Computer Laboratory

Course pages 2013–14

System-on-Chip Design and Modelling

Principal lecturer: Dr David Greaves
Taken by: Part II
Past exam questions: System-on-Chip Design, VLSI Design
Information for supervisors (contact lecturer for access permission)

No. of lectures: 12
Suggested hours of supervisions: 3
Prerequisite courses: Computer Design, C and C++, Computer Systems Modelling


A current-day system on a chip (SoC) consists of several different processor subsystems together with memories and I/O interfaces. This course covers SoC design and modelling techniques with emphasis on architectural exploration, assertion-driven design and the concurrent development of hardware and embedded software. This is the “front end” of the design automation tool chain. (Back end material, such as design of individual gates, layout, routing and fabrication of silicon chips is mentioned but not examinable.)

A percentage of each lecture is used to develop a running example. Over the course of the lectures, the example evolves into a System On Chip demonstrator with CPU and bus models, device models and device drivers. All code and tools are available online so the examples can be reproduced and exercises undertaken. The main languages used are Verilog and C++ using the SystemC library.


  • Verilog RTL design with examples. Event-driven simulation with and without delta cycles, basic gate synthesis algorithm and design examples. Structural hazards (memories and multipliers) Pipelining and handshake synthesis. [3 lectures]

  • SystemC overview. The major components of the SystemC C++ class library for hardware modelling are covered with code fragments and demonstrations. Queuing/contention delay modelling. Power, energy and layout high-level modelling. [2 lectures]

  • Basic bus structures. Bus structure. I/O device structure. Interrupts, DMA and device drivers. Examples. Basic bus bridging.

  • ESL + transactional modelling. Electronic systems level (ESL) design. Architectural exploration. Firmware modelling methods. Blocking and non-blocking transaction styles. Approximate and loose timing styles. Examples. [2 lectures]
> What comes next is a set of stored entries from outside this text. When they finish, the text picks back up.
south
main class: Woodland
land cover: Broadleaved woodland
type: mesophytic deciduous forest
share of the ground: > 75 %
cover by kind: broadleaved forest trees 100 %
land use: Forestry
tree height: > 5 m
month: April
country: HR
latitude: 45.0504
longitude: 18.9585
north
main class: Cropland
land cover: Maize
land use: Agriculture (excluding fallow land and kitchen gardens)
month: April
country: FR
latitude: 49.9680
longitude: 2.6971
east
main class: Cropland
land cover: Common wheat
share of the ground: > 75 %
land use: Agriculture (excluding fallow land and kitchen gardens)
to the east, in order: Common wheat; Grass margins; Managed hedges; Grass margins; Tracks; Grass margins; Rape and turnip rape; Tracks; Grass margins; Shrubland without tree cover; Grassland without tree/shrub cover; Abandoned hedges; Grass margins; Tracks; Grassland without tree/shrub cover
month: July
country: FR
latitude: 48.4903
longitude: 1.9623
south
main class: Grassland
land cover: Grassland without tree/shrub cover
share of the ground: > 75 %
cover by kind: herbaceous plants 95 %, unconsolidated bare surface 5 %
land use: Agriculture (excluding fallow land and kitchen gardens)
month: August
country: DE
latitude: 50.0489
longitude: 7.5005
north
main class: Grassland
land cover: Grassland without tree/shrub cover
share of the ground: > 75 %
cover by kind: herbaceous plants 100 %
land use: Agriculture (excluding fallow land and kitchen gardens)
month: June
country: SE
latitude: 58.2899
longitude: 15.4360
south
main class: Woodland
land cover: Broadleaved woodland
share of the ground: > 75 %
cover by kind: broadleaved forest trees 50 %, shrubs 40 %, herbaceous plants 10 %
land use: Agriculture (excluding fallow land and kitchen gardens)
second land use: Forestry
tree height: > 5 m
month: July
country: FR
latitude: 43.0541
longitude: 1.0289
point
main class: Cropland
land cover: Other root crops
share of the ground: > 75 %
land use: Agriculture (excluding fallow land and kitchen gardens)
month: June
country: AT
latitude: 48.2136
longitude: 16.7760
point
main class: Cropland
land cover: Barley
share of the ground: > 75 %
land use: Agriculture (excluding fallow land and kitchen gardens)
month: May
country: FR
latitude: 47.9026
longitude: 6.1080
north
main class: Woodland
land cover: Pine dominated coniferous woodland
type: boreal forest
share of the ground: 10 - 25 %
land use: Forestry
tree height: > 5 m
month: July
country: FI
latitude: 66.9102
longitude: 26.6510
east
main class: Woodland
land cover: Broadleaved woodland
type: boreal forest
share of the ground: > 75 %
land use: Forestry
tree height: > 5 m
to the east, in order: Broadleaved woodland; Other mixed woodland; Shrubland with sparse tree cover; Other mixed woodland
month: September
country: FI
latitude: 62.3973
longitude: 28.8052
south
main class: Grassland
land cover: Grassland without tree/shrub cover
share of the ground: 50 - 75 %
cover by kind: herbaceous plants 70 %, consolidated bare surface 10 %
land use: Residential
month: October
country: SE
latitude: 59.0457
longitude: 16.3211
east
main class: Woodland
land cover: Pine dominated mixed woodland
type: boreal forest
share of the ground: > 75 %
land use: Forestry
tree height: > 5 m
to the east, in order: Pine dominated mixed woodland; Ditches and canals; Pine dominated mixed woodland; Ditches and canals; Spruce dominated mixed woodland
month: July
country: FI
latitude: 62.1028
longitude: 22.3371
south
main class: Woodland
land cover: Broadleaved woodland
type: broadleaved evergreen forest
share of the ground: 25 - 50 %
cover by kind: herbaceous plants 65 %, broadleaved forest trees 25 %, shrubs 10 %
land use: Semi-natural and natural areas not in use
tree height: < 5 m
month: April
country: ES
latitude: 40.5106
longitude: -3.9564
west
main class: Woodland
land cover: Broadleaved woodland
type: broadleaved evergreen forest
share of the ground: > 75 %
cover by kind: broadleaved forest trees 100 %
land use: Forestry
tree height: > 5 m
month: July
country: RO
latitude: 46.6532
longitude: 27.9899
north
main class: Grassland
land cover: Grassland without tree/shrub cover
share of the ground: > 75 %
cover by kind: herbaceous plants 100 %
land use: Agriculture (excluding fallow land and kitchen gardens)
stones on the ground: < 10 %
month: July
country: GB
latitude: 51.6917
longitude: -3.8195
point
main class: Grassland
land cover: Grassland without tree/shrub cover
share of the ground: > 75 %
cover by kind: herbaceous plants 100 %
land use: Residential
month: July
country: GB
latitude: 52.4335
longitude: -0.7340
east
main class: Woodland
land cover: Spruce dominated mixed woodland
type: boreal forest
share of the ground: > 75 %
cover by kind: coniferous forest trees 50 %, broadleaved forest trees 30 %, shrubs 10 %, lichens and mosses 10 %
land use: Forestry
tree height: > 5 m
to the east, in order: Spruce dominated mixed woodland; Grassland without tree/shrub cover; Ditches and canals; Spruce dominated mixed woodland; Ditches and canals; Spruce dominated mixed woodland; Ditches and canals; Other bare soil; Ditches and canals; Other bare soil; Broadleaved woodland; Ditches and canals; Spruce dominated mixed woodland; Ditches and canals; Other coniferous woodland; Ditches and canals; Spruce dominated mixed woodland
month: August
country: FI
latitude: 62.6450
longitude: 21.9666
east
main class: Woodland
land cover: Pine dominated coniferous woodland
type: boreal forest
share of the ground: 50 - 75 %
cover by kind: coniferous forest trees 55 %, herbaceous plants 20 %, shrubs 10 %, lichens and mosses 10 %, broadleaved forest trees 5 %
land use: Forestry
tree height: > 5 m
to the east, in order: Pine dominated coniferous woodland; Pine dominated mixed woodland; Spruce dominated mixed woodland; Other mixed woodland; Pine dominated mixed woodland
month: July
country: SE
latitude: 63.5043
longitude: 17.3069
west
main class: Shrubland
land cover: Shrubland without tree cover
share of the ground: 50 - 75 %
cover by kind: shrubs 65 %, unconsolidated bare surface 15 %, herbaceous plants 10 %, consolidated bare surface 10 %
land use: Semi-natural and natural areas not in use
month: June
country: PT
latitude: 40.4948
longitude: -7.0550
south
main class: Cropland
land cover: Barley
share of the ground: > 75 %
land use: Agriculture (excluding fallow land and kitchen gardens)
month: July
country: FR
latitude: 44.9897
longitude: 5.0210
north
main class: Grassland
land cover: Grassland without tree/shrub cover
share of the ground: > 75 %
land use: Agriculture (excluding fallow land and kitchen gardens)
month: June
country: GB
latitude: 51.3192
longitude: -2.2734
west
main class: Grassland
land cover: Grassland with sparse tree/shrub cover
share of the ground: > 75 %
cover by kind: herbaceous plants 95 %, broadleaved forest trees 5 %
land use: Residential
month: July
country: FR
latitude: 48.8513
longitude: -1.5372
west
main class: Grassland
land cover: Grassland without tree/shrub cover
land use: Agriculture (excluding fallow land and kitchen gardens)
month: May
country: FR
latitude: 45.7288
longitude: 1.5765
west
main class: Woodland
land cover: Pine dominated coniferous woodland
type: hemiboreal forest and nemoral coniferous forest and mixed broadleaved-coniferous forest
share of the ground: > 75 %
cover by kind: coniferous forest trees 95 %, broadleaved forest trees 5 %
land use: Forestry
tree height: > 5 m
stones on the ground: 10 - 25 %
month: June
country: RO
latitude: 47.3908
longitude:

  • ABD: assertions and monitors. Types of assertion (imperative, safety, liveness, data conservation). Assertion-based design (ABD). PSL/SVA assertions. Temporal logic compilation of fragments to monitoring FSM. [2 lectures]

  • Engineering aspects: FPGA and ASIC design flow. Cell libraries. Market breakdown: CPU/Commodity/ASIC/FPGA. Further tools used for design of FPGA and ASIC (timing and power modelling, place and route, memory generators, power gating, clock tree, self-test and scan insertion). Dynamic frequency and voltage scaling. [2 lectures]

  • Higer-level approaches Only presented if time permits. Non-examinable. Co-design, co-synthesis and custom processor synthesis. IP-XACT, Kiwi HLS. Transactor synthesis.

In addition to these topics, the running example will demonstrate a few practical aspects of device bus interface design, on chip communication and device control software. Students are encouraged to try out and expand the examples in their own time.


At the end of the course students should

  • be familiar with how a complex gadget containing multiple processors, such as an iPod or Satnav, is designed and developed;

  • understand the hardware and software structures used to implement and model inter-component communication in such devices;

  • have basic exposure to SystemC programming and PSL assertions.

Recommended reading

* OSCI. SystemC tutorials and whitepapers. Download from OSCI or copy from course web site.
Ghenassia, F. (2010). Transaction-level modeling with SystemC: TLM concepts and applications for embedded systems. Springer.
Eisner, C. & Fisman, D. (2006). A practical introduction to PSL. Springer (Series on Integrated Circuits and Systems).
Foster, H.D. & Krolnik, A.C. (2008). Creating assertion-based IP. Springer (Series on Integrated Circuits and Systems).
Grotker, T., Liao, S., Martin, G. & Swan, S. (2002). System design with SystemC. Springer.
Wolf, W. (2009). Modern VLSI design (System-on-chip design). Pearson Education (4th ed.).